Le chant des Lucioles (2/2)
Je talonne l’adolescent avec prudence. Sa marche me mène à une carrière aux roches cramoisies. Une cime noire s’élève, munie d’une branche recouverte de lierre. Autour du tronc se trouvent d’autres enfants aux yeux pétillants, et parmi eux : ma sœur.
- Salut les amis, j’ai ramené une cousine !
Tous me fusillent du regard, un frisson me parcourt l’échine.
- Coucou grande sœur ! T’as réussi à me trouver, t’es trop forte !
Le blondinet m’observe d’un œil suspect, la gêne sculpte mes lèvres.
- Alors, je ne suis pas vraiment sa sœur, hein ? C’est un jeu entre elles et moi, n’est-ce pas ?
J’enchaîne les clins d’œil, ma cadette finit par comprendre :
- Oui… c’est un jeu. Elle aime beaucoup les jeux.
- Tou…Tout à fait, j’adore ça ! Mais comme c’est dommage, il faut rentrer à la maison. On pourra jouer demain.
L’adolescent se remet à sourire, je lâche un soupir. Heureusement qu’il est aussi niais que ma cadette.
- Ah non, on s’en va pas tout de suite !
Tais-toi, Thérèse.
- Oh que si, on s’en va.
J’effectue un pas dans sa direction, mes membres se gèlent dès l’instant où je pose le pied à terre. Que… Qu’est-ce que ça veut dire ?
- Attends un peu, je termine ce jeu et j’arrive. C’est très rapide.
- Quel jeu ?
Je sens mes bras s’alourdir, comme si mes muscles étaient du plomb. D’autres frissons se manifestent. Ce froid n’est pas normal. C’est différent de l’air frais de tout à l’heure.

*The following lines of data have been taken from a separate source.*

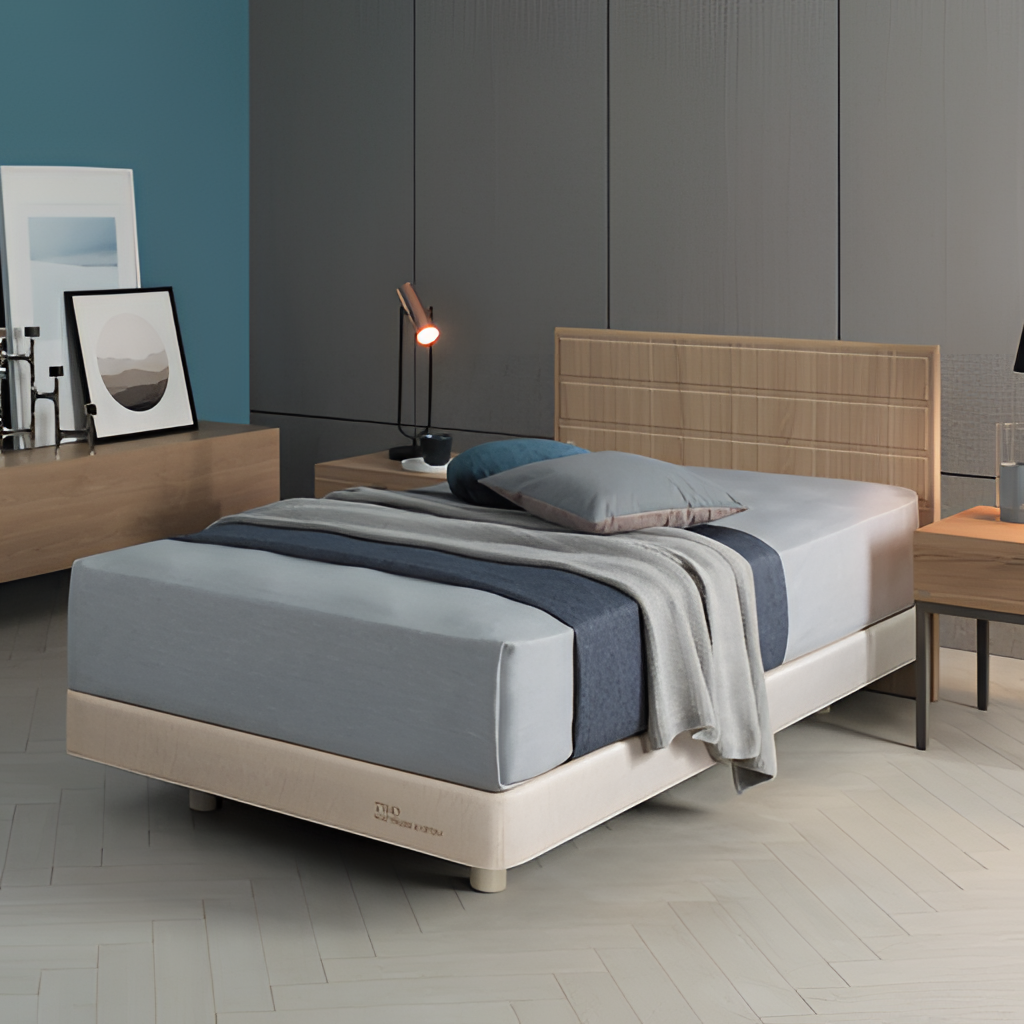
bedroom, fabric bed, contemporary, blue and gray paint wallpaper, with vertical two tone pattern, wood flooring, with herringbone pattern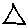
Label: triangle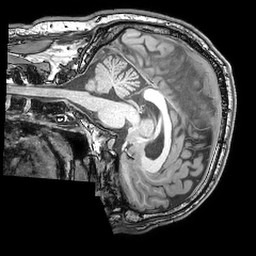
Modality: T1w
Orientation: sagittal
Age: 37
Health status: ill
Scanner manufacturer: philips
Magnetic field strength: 3 T
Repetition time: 0.007 s
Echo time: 0.0035 s
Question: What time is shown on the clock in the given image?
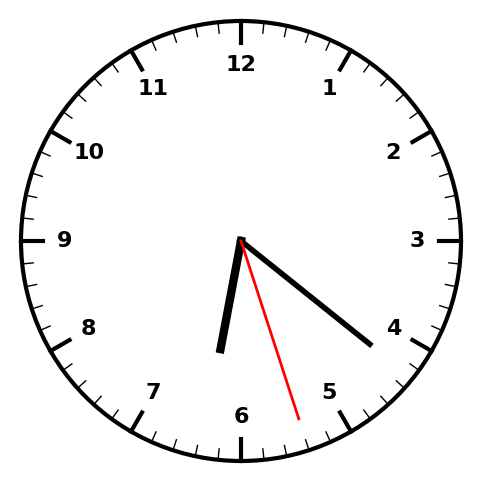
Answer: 06:21:27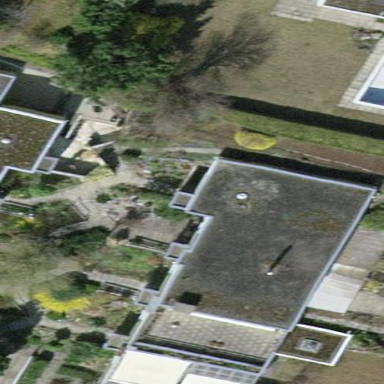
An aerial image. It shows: Terrace building.
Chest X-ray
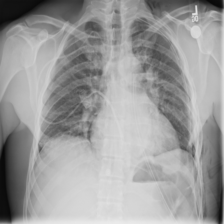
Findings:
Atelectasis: negative
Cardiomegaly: negative
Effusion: negative
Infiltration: negative
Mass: negative
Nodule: negative
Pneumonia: negative
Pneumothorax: negative
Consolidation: negative
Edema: negative
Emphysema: negative
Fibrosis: negative
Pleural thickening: negative
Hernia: negative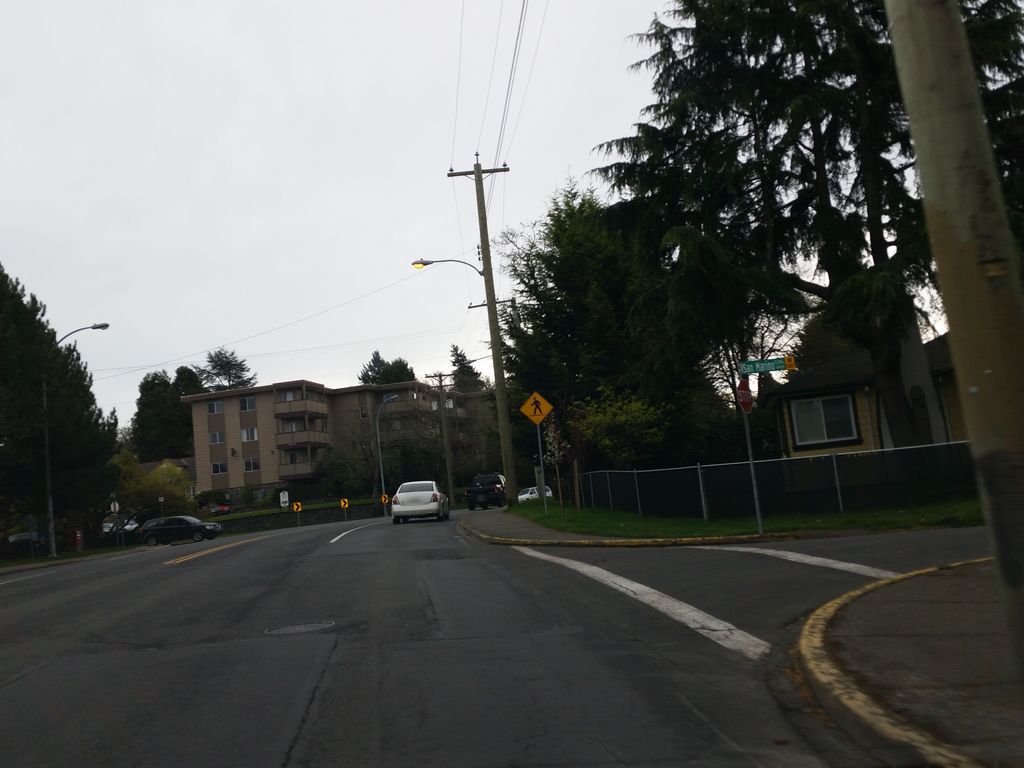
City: victoria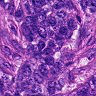
Metastatic tissue present: yes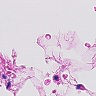
Metastatic tissue present: no
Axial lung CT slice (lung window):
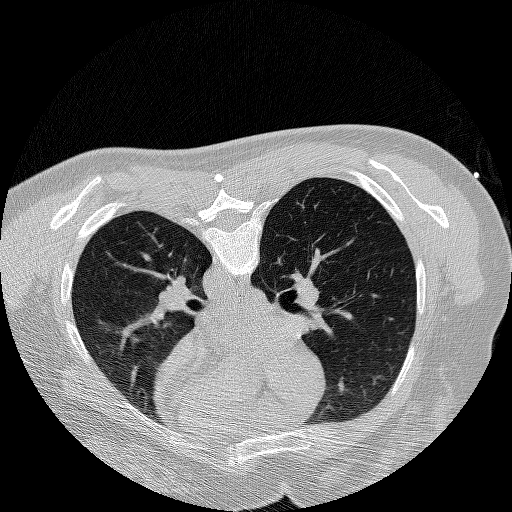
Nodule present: no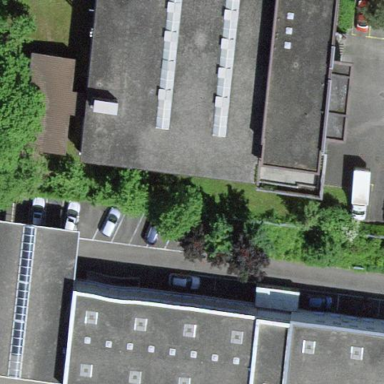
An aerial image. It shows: Industrial building.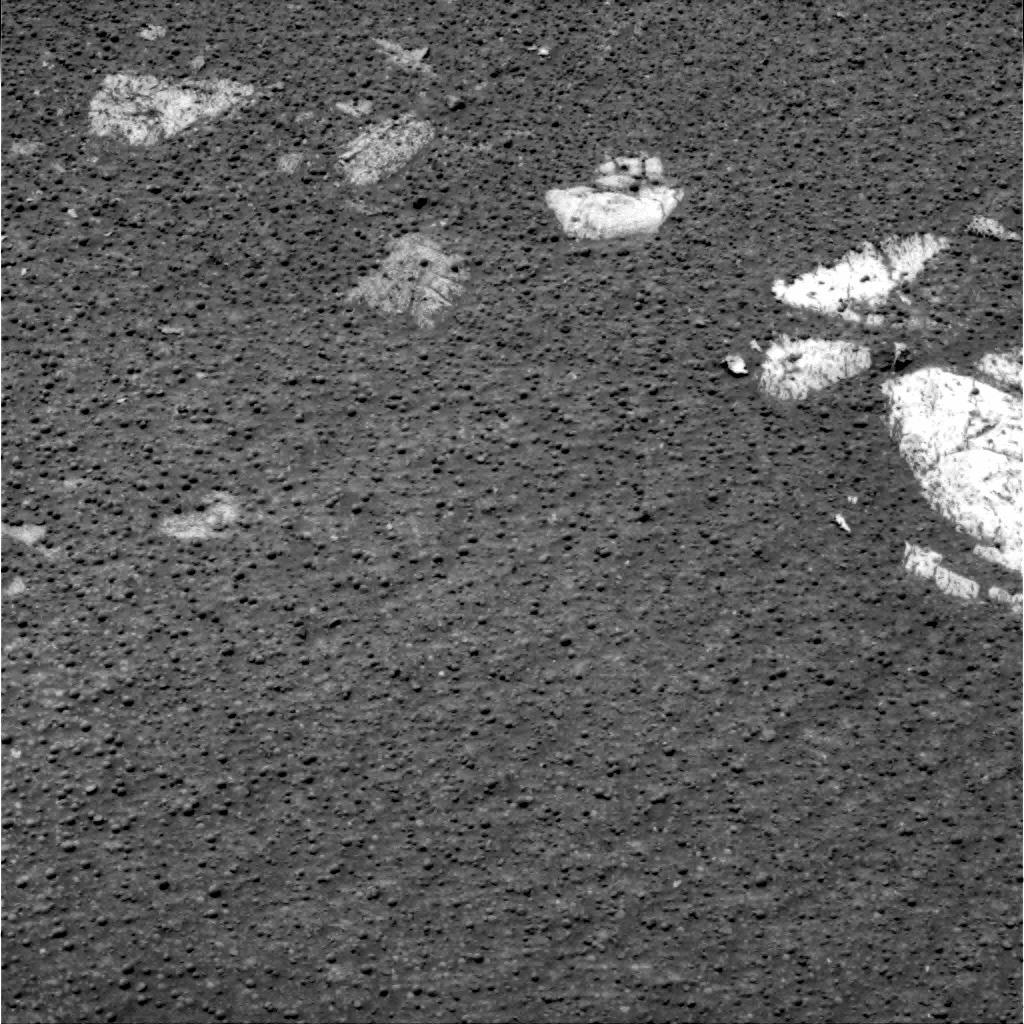
Terrain classes present: Bedrock, Gravel / Sand / Soil

- Tu ne connais pas le jeu du pendu ? m’interroge Lucien. C’est très connu par ici ! Les règles sont simples, il suffit de rester le plus longtemps pendu à l’arbre. C’est moi qui ai gagné la dernière fois.
Dites-moi que je rêve…
- R… Reviens. Tout de suite.
Pourquoi est-ce que je n’arrive pas hausser la voix ? Mes lèvres tremblent, j’ai du mal à lâcher le moindre mot. Non… Ce n’est pas moi ! Je ne devrais pas être comme ça !
- Attends, je dois me pendre d’abord.
- Ar…
Ma gorge se noue, je suis incapable de sortir le moindre son. Foutues Lucioles, je vous hais ! Thérèse, je t’en prie, réfléchis une seule seconde ! Ça n’a rien d’un jeu ! Ils ont l’air amicaux, plein de joie, mais ce sont des monstres ! Ils veulent t’emmener avec eux… comme ils l’ont fait avec Lucien !
Ma cadette monte sur une pierre, les mains tendus vers le lierre.
Hu hu hu.
Hi hi !
Fais-le !
Montre-nous ta force.
Tu peux gagner.
Hu ha ha ha !
J’ai beau me débattre, je n’arrive pas à bouger. Moi, la villageoise la plus puissante, je ne peux rien faire contre le plus faible des Indigènes. Non ! Non, je refuse ! J’ai encore de la force en réserve, je peux encore me battre ! Aller… BOUGE !
Thérèse se hisse sur la pointe des pieds, ses doigts saisissent la liane, son menton entre dans la boucle.
Pends-toi ! Hi Pends-toi !
Pends-toi ! Hi Pends-toi
Pends-toi ! Ha Pends-toi !
Pends-toi ! Ha Pends-toi !
Non… Ne les écoute pas ! Lucien, je t’en prie, aide-la ! Tu étais à sa place il y a sept ans, tu sais ce qu’il va lui arriver !
- Ah c’est magnifique, n’est-ce pas miss cousine ? Je me demande si ses yeux brilleront plus que les miens.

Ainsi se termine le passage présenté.